Why is it so hard for students to recycle in Edinburgh?
Sustainability shouldn’t be difficult
Picture this: you have a massive essay due tomorrow. In a fog of stress, you head to Teviot to get it done. On the way out the door you remember – your flatmate asked you to take out the recycling. The only problem is, you live on Buccleuch Street – and your only available recycling bins are on Nicolson.
You're a good person. You don't hate the environment. But your essay is 50 per cent of your final mark, and if you don't finish it today you're totally screwed. You do what any stressed student would do. Chuck the recycling in the general waste bin right outside.

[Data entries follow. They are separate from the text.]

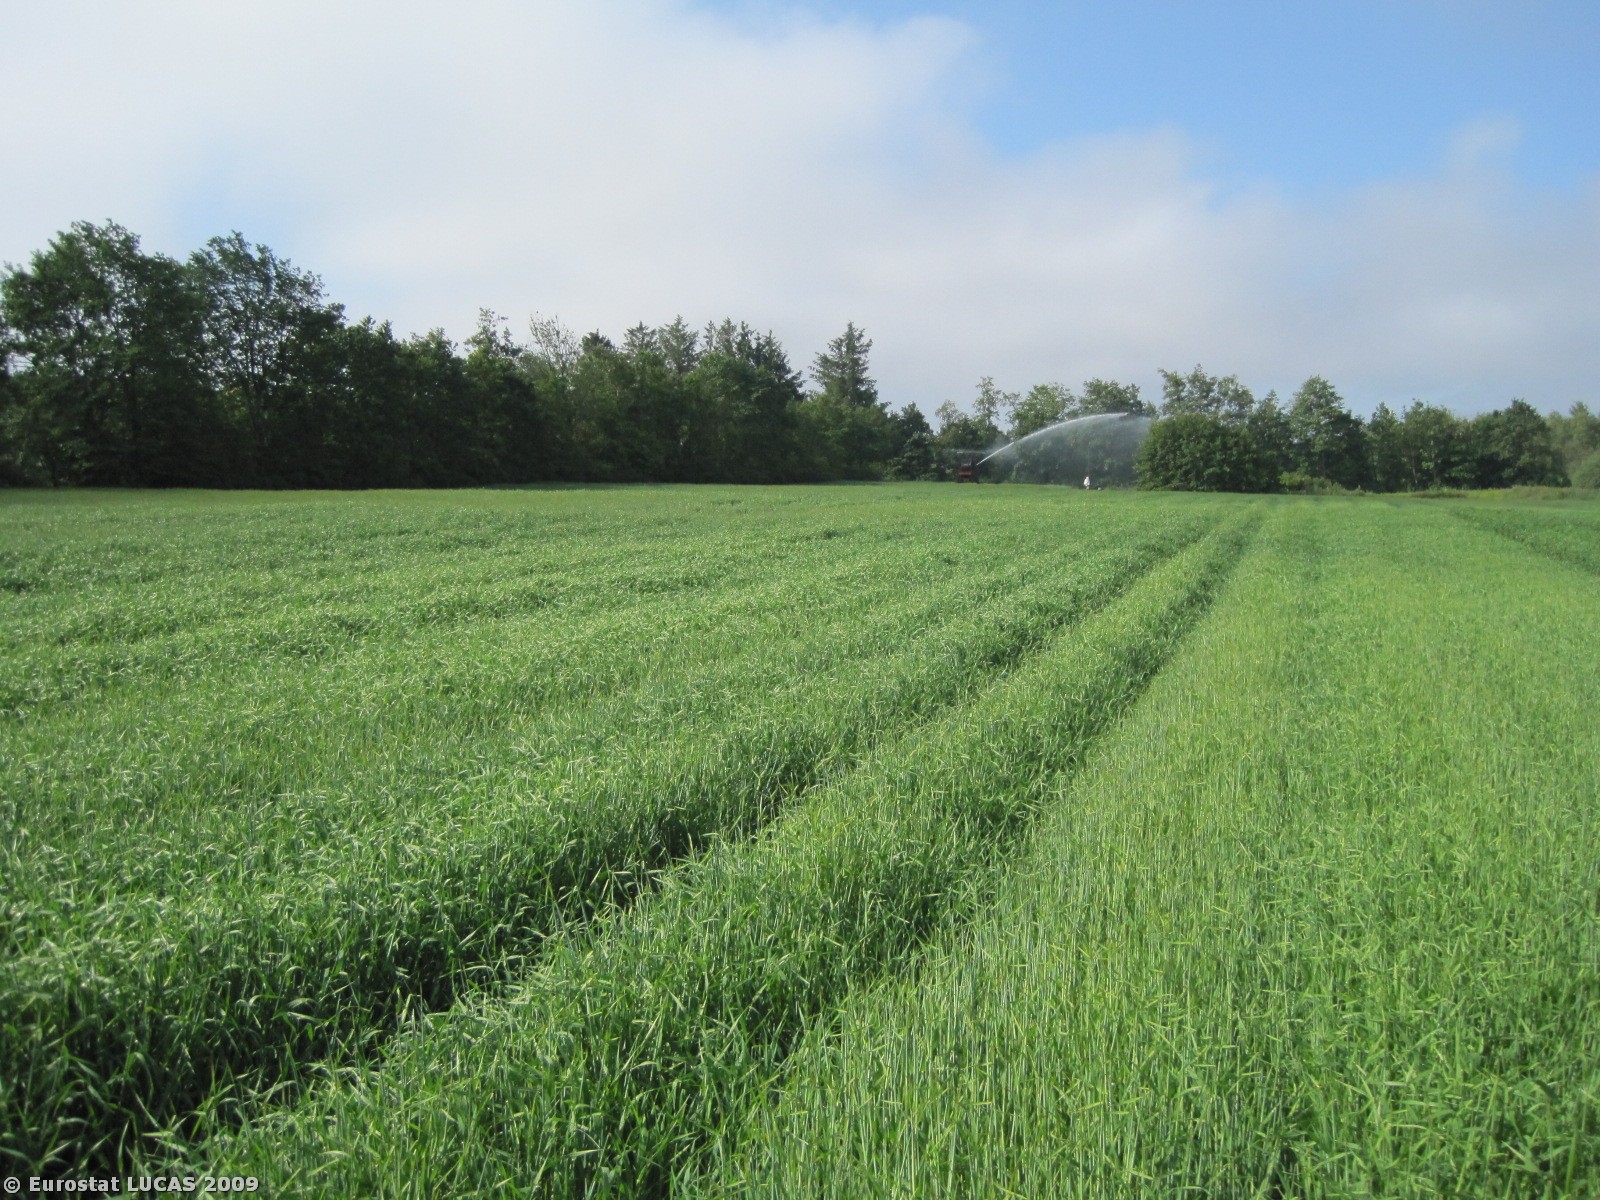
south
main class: Cropland
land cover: Barley
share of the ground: > 75 %
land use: Agriculture (excluding fallow land and kitchen gardens)
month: June
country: DK
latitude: 56.3275
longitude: 8.9824
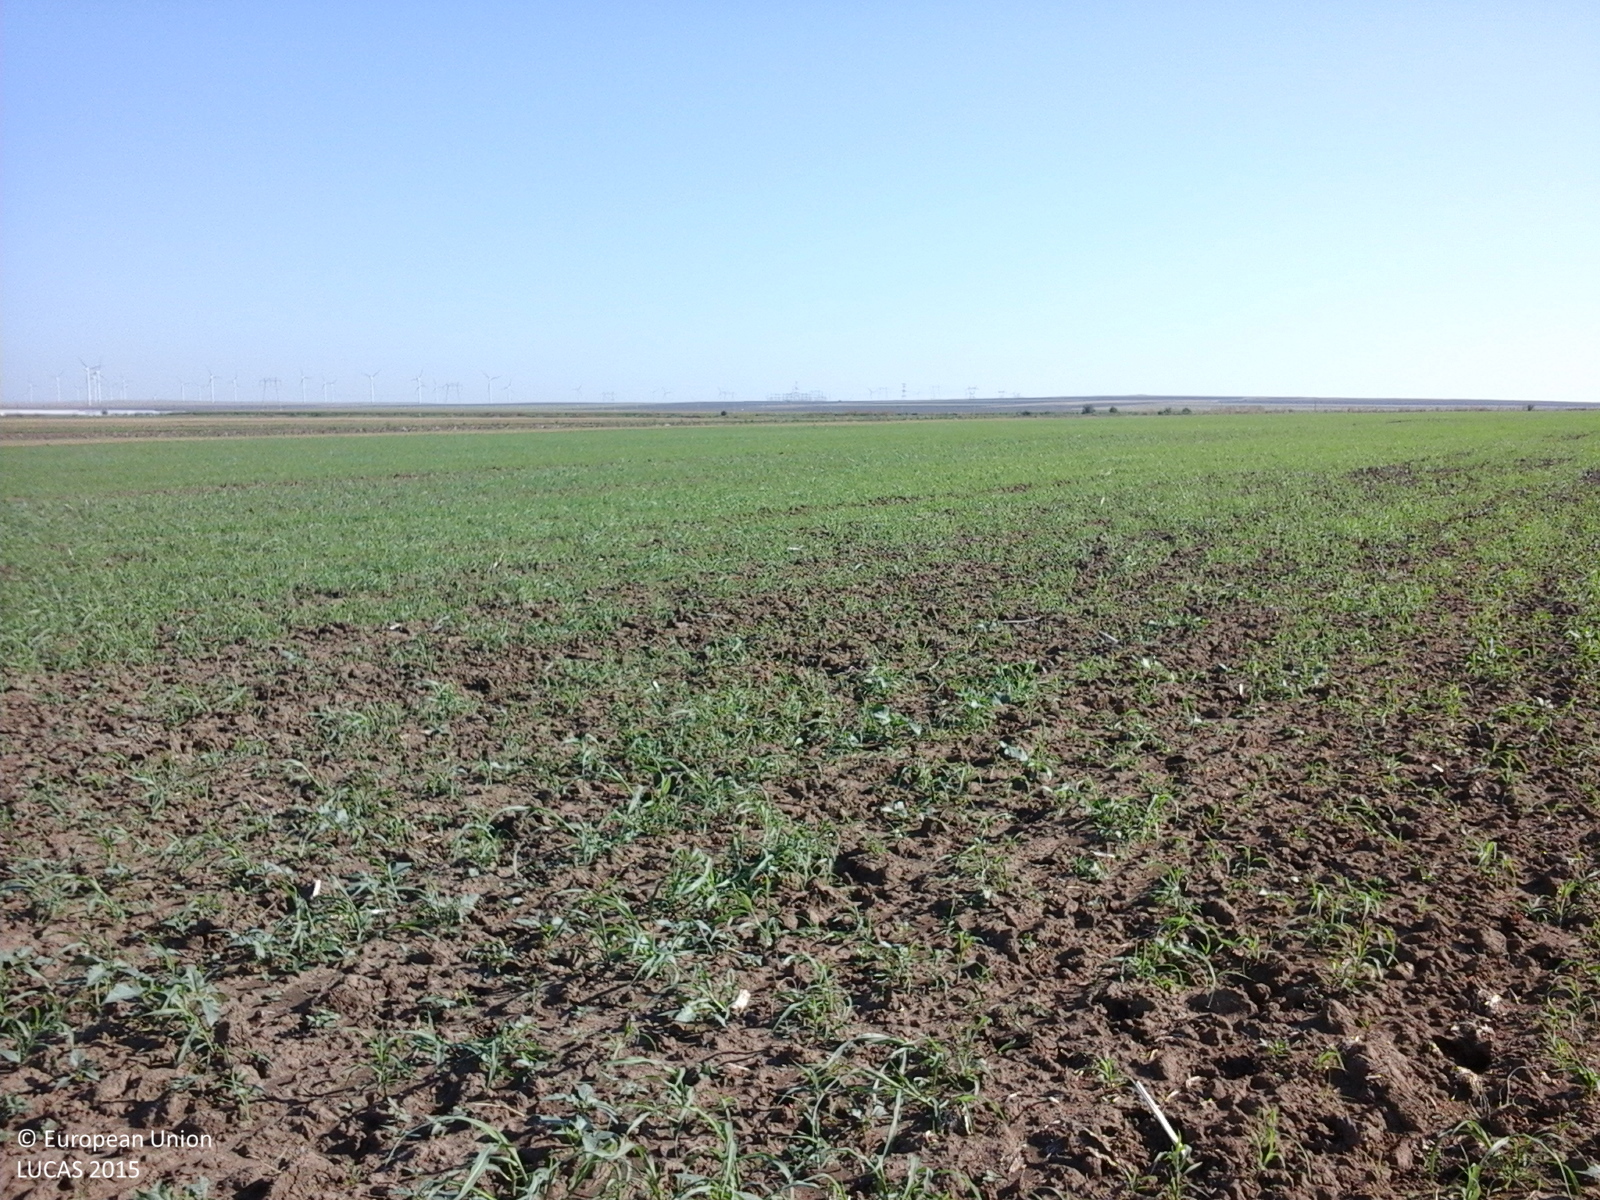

If this sympathetic yet preoccupied person sounds like you, you're not alone. I asked around, and only 61 per cent of Edinburgh students have recycling bins on their own street or feel like they can conveniently recycle.
Sophia, a fourth year studying Linguistics, says: "I live in the middle of touristy Old Town so the normal bins aren't even right outside the flat, they're round the corner. The recycling bins are always locked shut because only the restaurants and bars are allowed to use them, and the other bins are always overflowing. It's really bad."
Phoebe, a second year studying Geography, lives in Marchmont and says: "We have no recycling on our street and we think it's unacceptable that it's about a four minute walk, in the wrong direction to anything, to our nearest recycling point."
Students are a notoriously lazy group of people. There are some who will venture around the corner to throw away their paper and plastic, but it's a small number. The unfortunate truth is that most won’t make the sustainable choice unless it's the easy thing to do. That means a significant portion of Edinburgh's student population probably isn't recycling – out of sheer inconvenience.
20 per cent of residents in the whole of the South East of Edinburgh, which includes neighbourhoods like Newington and the Meadows, are students. A look at the bins in these wards reveals that not only do these areas have significantly fewer mixed recycling than general waste bins, but more commercial, deprived areas like Newington have even fewer.
The following maps compare available waste bins in sections of both Marchmont and Newington. The black circles represent general waste bins while the green circles represent mixed recycling bins. The other symbols represent glass, paper and food waste.
Why is it so important that student-heavy areas like Newington have access to waste separation? Recycling is important for every kind of household, but especially for those that produce a lot of waste. Student flats can house up to six people, and often flatmates don't share things that a typical family would, like groceries. Basically, if each person in a flat of three buys his or her own milk, that means triple the amount of milk cartons to throw away.
What can we do?
Environmental issues rarely have an easy or quick solution. However, in a major city like Edinburgh, all students should feel they can recycle easily.
When contacted about the issue, the City of Edinburgh council told The Tab Edinburgh:
"We welcome the enthusiasm for recycling amongst those polled, and to provide communal recycling bins wherever possible, though sites are sometimes limited by factors such as available space and parking restrictions.
However, we recently began a project to enhance communal bin collections across the city, which aims to improve locations and collection frequency."
In an ideal world, anywhere there are multiple general waste bins, the City of Edinburgh could replace at least one of them with a mixed recycling bin and add a glass bin as well. This would not only make waste separation much easier for residents but would lead to an eventual decrease in the demand for general waste bins.
Helping the environment doesn’t have to be a major operation, or an all-out lifestyle. Make it easy for people, and sustainable habits will follow.